What is the difference between using while and if conditions in JavaScript?

78 Views Asked by At

I'm currently building a reactive form in Angular in which the form fields are adjusted dinamically depending on the user input.
Example of function to create the form:

this.form = this.formBuilder.group({
    name: this.formBuilder.control('', {nonNullable: true}),
    isOne: this.formBuilder.control({value: null, disabled: true}, {nonNullable: true}),
    type: this.formBuilder.control({value: null, disabled: true}),
    model: this.formBuilder.control({value: null, disabled: true}),
    city: this.formBuilder.control({value: null, disabled: true}),
})

Then I made subscriptions to the form values that should enable/disable/change inputs when a condition is met or not:

this.form.get('name').valueChanges.subscribe(newValue => {
    if (newValue !== '') {
        this.form.get('isOne').enable();
    } else {
        this.form.get('isOne').disable();
    }
    ...
}

Because I don't want model field to change other things before the user touches it, I added the condition in the function that checks whether the field is pristine or not before doing the logic.

this.form.get('type').valueChanges.subscribe(newValue => {
    while (this.form.get('type').pristine) { // if (this.form.get('type').pristine) {
        return;
    }
    if (newValue === 'house') {
       this.form.get('model').disable();
       this.form.get('city').enable();
    } else {
       this.form.get('model').enable();
       this.form.get('city').disable();
    }
});

In my logic it makes sense to use while here becasue pristine is a condition that will be met for a while until the user touches it. Therefore, it seems to improve code readability. However, if can also handle the logic here and it is used much more often than while in javaScript.
My question is what are the implications of using while here? Does it adversely affects performance? Is there an advantage in using if instead of while?

I made the form using while and I expect it to be functionally the same as if.

1

There are 1 best solutions below

2
Riheldo Melo On BEST ANSWER

Interesting proposition.

We can test: https://stackblitz.com/edit/node-2dqj59?file=index.js
Dont know how trust is the test, but surprising while condition is a bit faster.
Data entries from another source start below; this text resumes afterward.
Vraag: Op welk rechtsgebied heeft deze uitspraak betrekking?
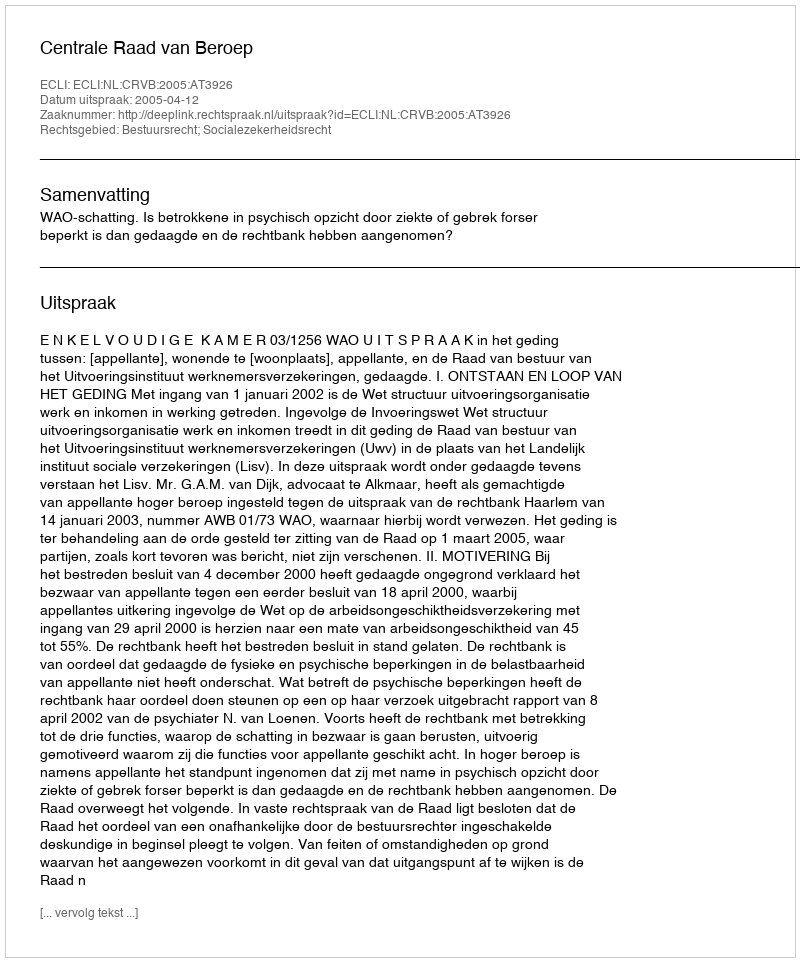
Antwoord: Bestuursrecht; Socialezekerheidsrecht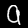
Digit: 9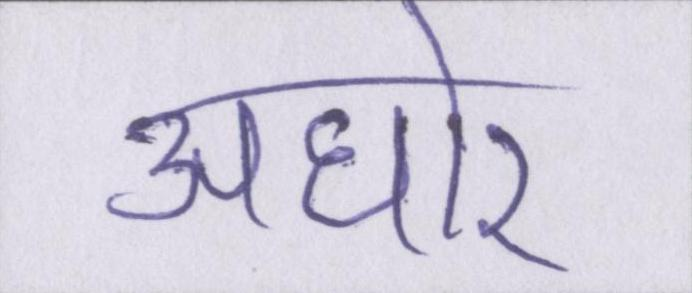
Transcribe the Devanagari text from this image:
अघोर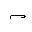
Letter: _mim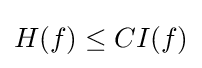
H(f)\leq CI(f)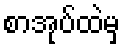
စာအုပ်ထဲမှ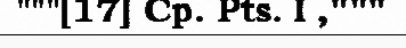
"""[17] Cp. Pts. I ,"""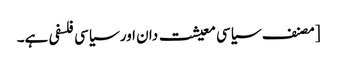
[مصنف سیاسی معیشت دان اور سیاسی فلسفی ہے۔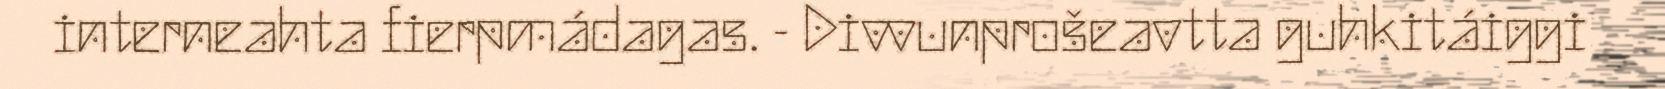
interneahta fierpmádagas. - Divvunprošeavtta guhkitáiggi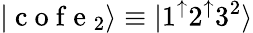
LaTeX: |\mathrm{~c~o~f~e~}_{2}\rangle\equiv|1^{\mathord{\uparrow}}2^{\mathord{\uparrow}}3^{2}\rangle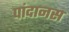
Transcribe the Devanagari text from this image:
पांदानस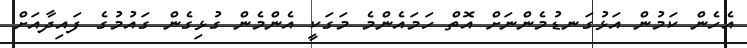
އެހެން ކަމުން އަޅުގަނޑުމެންނަށް އޮތް ހަމައެންމެ މަގަކީ އެންމެން ގުޅިގެން ގައުމުގެ ފައިދާއަށް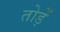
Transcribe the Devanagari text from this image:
तोड़ें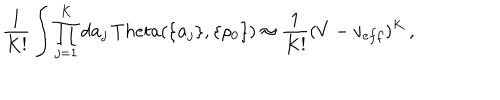
LaTeX: \frac { 1 } { K ! } \int \prod _ { j = 1 } ^ { K } d { \bf a } _ { j } \, T h e t a ( \{ { \bf a } _ { j } \} , \{ \rho _ { 0 } \} ) \approx \frac { 1 } { K ! } ( V - v _ { e f f } ) ^ { K } \, ,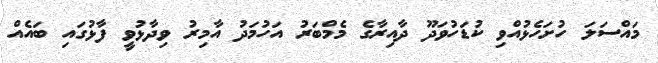
މައްސަލަ ހުށަހެޅުއްވި ކުޑަހުވަދޫ ދާއިރާގެ މެމްބަރު އަހުމަދު އާމިރު ވިދާޅުވީ ފާޅުގައި ބައެއް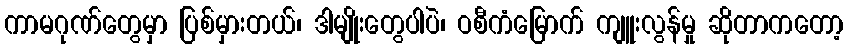
ကာမဂုဏ်တွေမှာ ပြစ်မှားတယ်၊ ဒါမျိုးတွေပါပဲ၊ ဝစီကံမြောက် ကျူးလွန်မှု ဆိုတာကတော့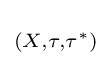
\scriptstyle (X,\tau ,\tau ^{*})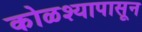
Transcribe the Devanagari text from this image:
कोळश्यापासून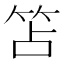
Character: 笘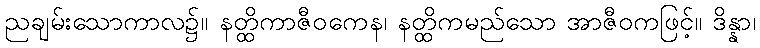
ညချမ်းသောကာလ၌။ နတ္ထိကာဇီဝကေန၊ နတ္ထိကမည်သော အာဇီဝကဖြင့်။ ဒိန္နာ၊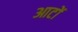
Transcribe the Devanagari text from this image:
आटों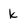
Character: k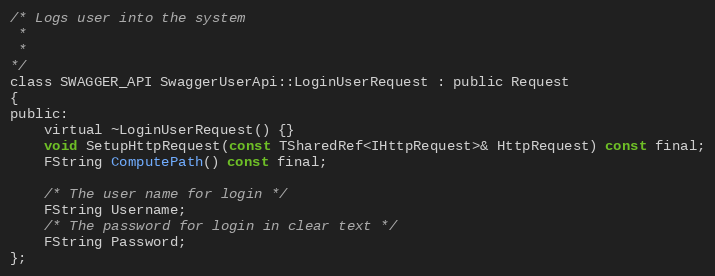
Language: C
/* Logs user into the system
 *
 *
*/
class SWAGGER_API SwaggerUserApi::LoginUserRequest : public Request
{
public:
    virtual ~LoginUserRequest() {}
	void SetupHttpRequest(const TSharedRef<IHttpRequest>& HttpRequest) const final;
	FString ComputePath() const final;

	/* The user name for login */
	FString Username;
	/* The password for login in clear text */
	FString Password;
};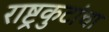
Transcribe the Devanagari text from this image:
राष्ट्रकुटांचा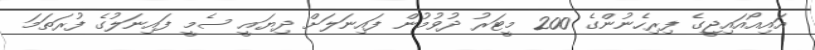
އައިއޯއައިޖީގެ ފިރިހެނުންގެ 200 މީޓަރު ދުވުމުން ފައިނަލަށް ދިޔައީ ސެމީ ފައިނަލުގެ ފުރަތަމަ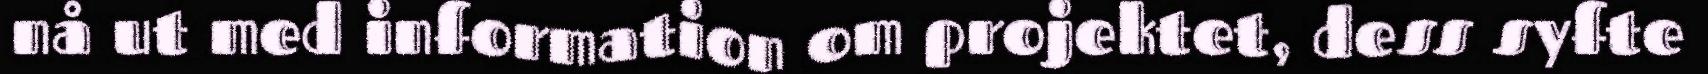
nå ut med information om projektet, dess syfte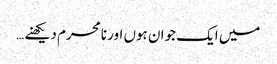
میں ایک جوان ہوں اور نامحرم دیکھنے …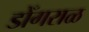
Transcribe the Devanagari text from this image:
डोँगराळ

The execution flow will be the same. While-return and If, when compiled, may generate scopes from different sizes, but dont believe that will be that different, and about performance, i think it will be irrelevant.

But, i believe the point is about maintainability, if another developer check this code, will be expecting a loop execution code, and not just the return, it will looks wrong. So maybe, it will be necessary some commentary code explanning. But an if condition wont need any further explanation, because everyone is teached like that.